Tip #4: Don’t Let Long Jobs Catch You Off Guard
Picture this: You start a 2-hour variant annotation job, grab lunch, and return to… nothing. Just a terminated instance.
Three habits will save you from rerunning everything from scratch.
First, check your idle timeout limit before running any long job. By default, All of Us shuts down after 15 minutes of inactivity.
- All of Us: Go to workspace settings → increase idle timeout to 8 hours (or your preferred duration)

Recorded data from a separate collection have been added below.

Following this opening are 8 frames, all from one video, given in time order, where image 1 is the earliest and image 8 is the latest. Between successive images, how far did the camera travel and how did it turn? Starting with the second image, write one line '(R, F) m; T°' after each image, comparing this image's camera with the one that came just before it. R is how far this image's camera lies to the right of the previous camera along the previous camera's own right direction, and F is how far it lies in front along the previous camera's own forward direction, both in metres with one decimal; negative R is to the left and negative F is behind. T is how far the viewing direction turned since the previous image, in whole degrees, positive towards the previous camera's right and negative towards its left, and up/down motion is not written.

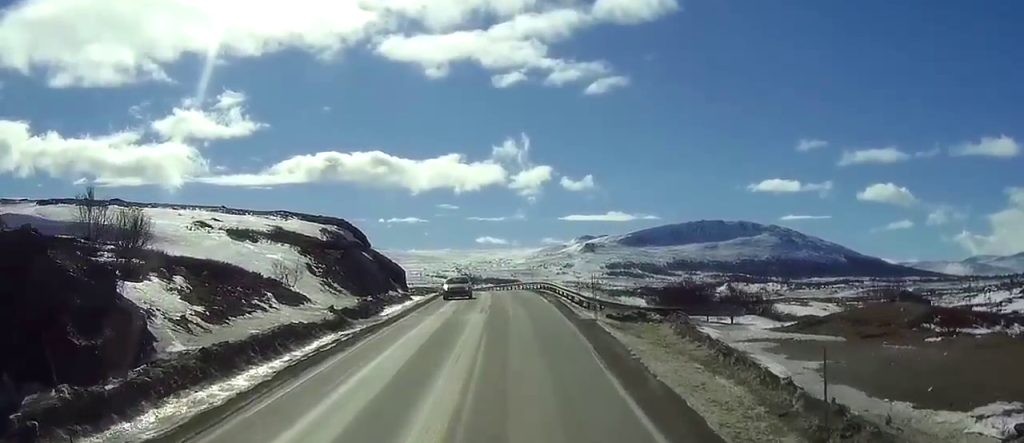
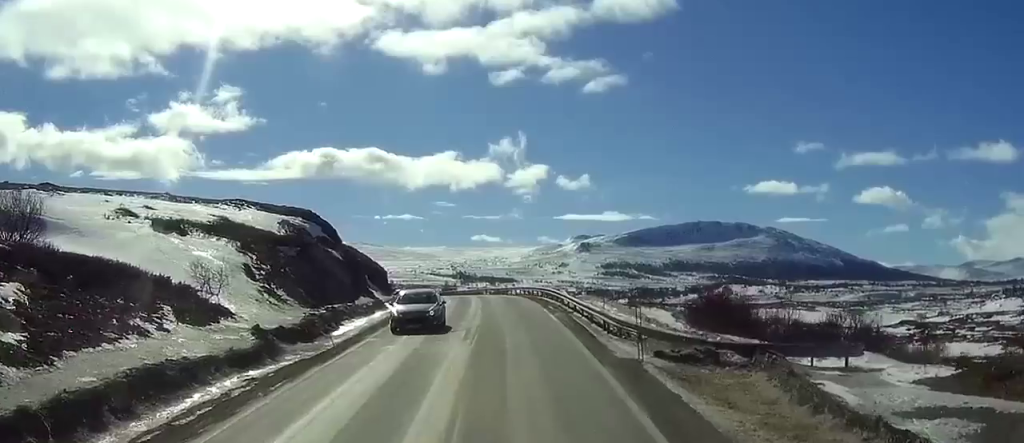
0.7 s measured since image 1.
(-0.1, +13.6) m; 0°
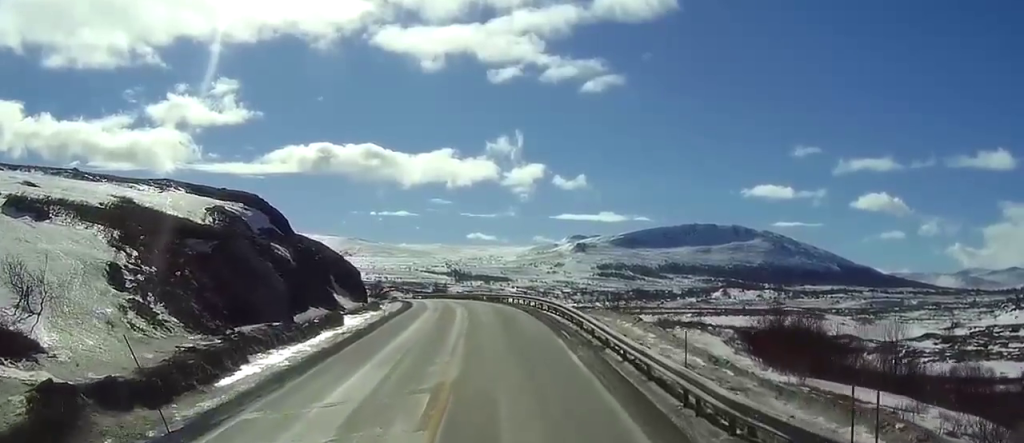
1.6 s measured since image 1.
(+0.1, +16.1) m; 0°
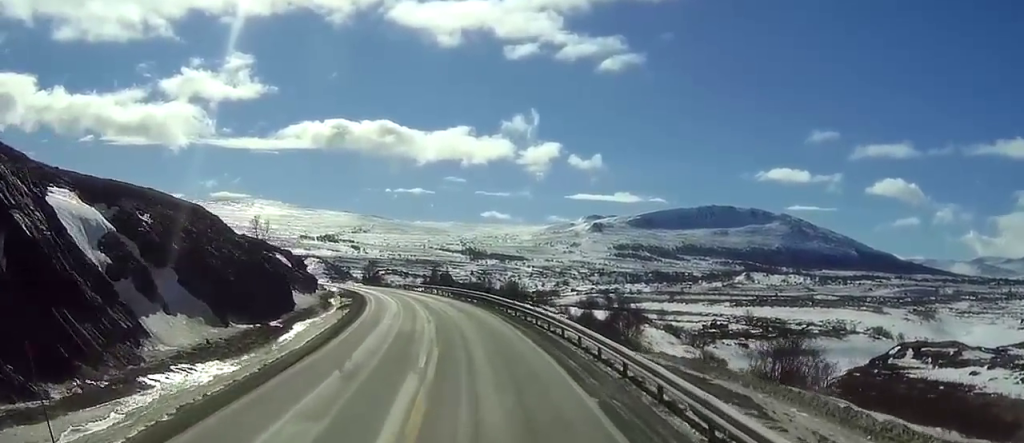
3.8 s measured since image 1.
(+0.3, +41.0) m; 0°
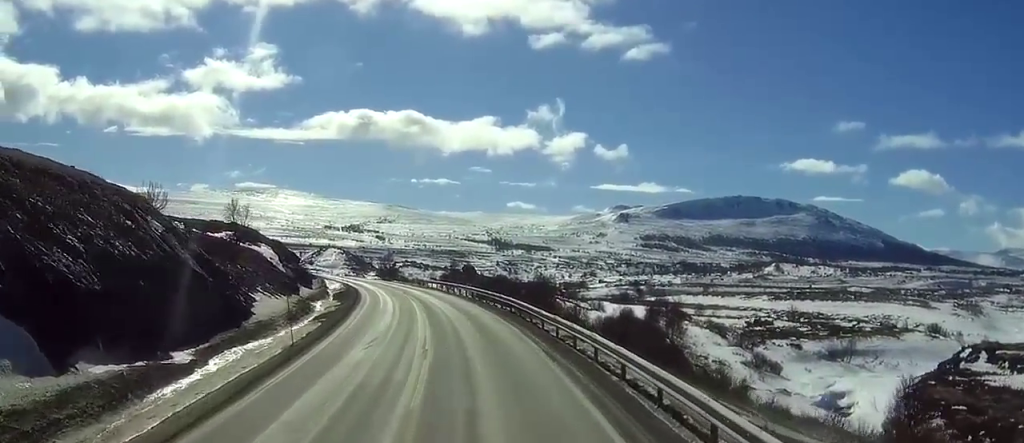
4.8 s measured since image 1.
(-0.1, +16.8) m; -1°
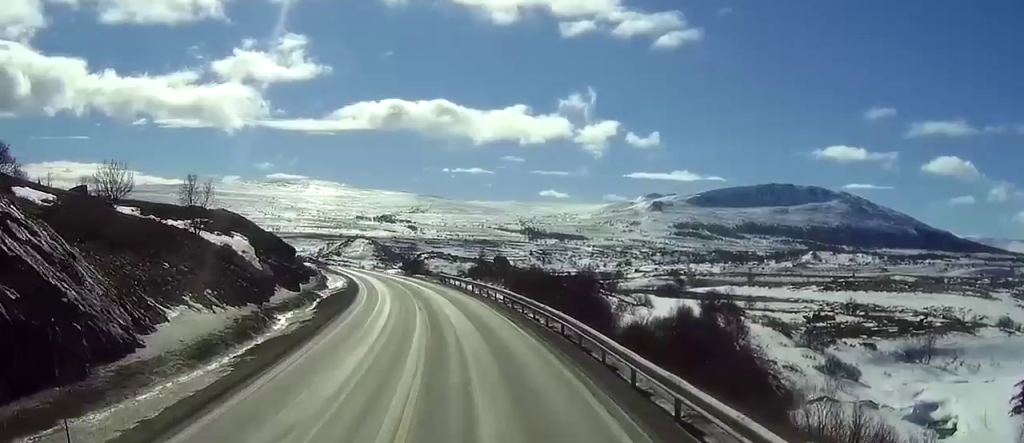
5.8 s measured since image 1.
(-0.3, +18.3) m; -2°
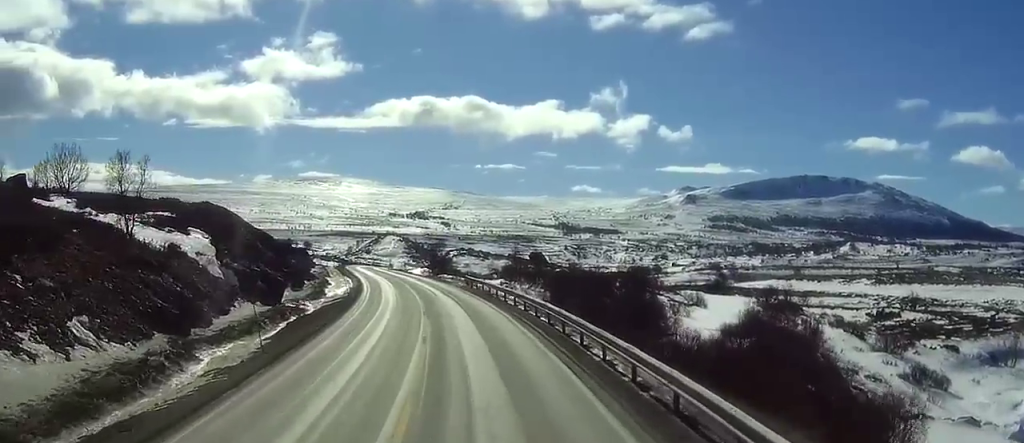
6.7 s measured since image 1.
(-0.3, +16.0) m; -2°
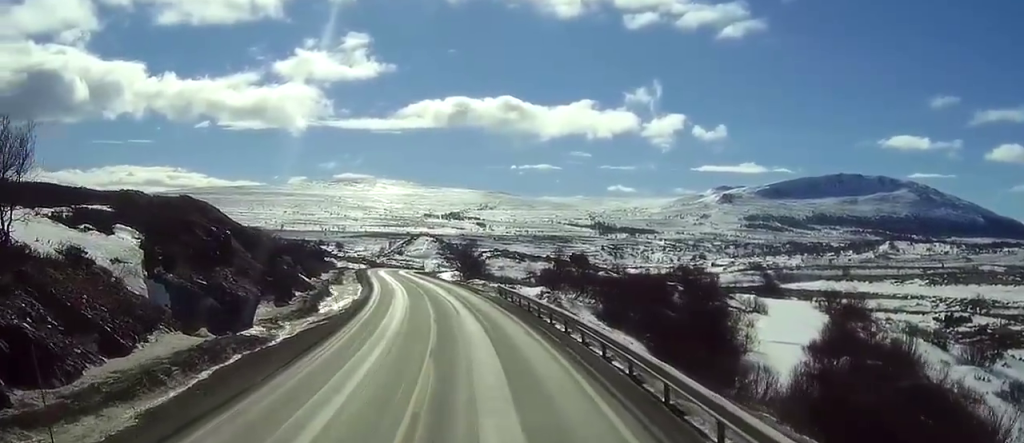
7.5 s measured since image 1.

- UK Biobank RAP: Check instance auto-pause settings
Note: nohup or screen/tmux can keep jobs running but won’t survive an instance shutdown so adjusting your timeout is still necessary.
Second, filter as early in your pipeline as possible. The less data you’re carrying through each step, the faster and cheaper each step is.
Third, checkpoint intermediate results. Save outputs at meaningful stages so a crash at step 5 doesn’t send you back to step 1.
None of these take more than a minute to set up. The rerun will.
The Bottom Line
When things crash:
- You ran out of memory
- Filter earlier in your pipeline
- Checkpoint intermediate results
When things are slow:
- Check if files are indexed (.tbi, .csi)
- Use region queries instead of full chromosomes
- Stream instead of copying
Set yourself up for success: learn your CLIs, stream your data, pick the right tool for the job, and make sure your long jobs have safety nets.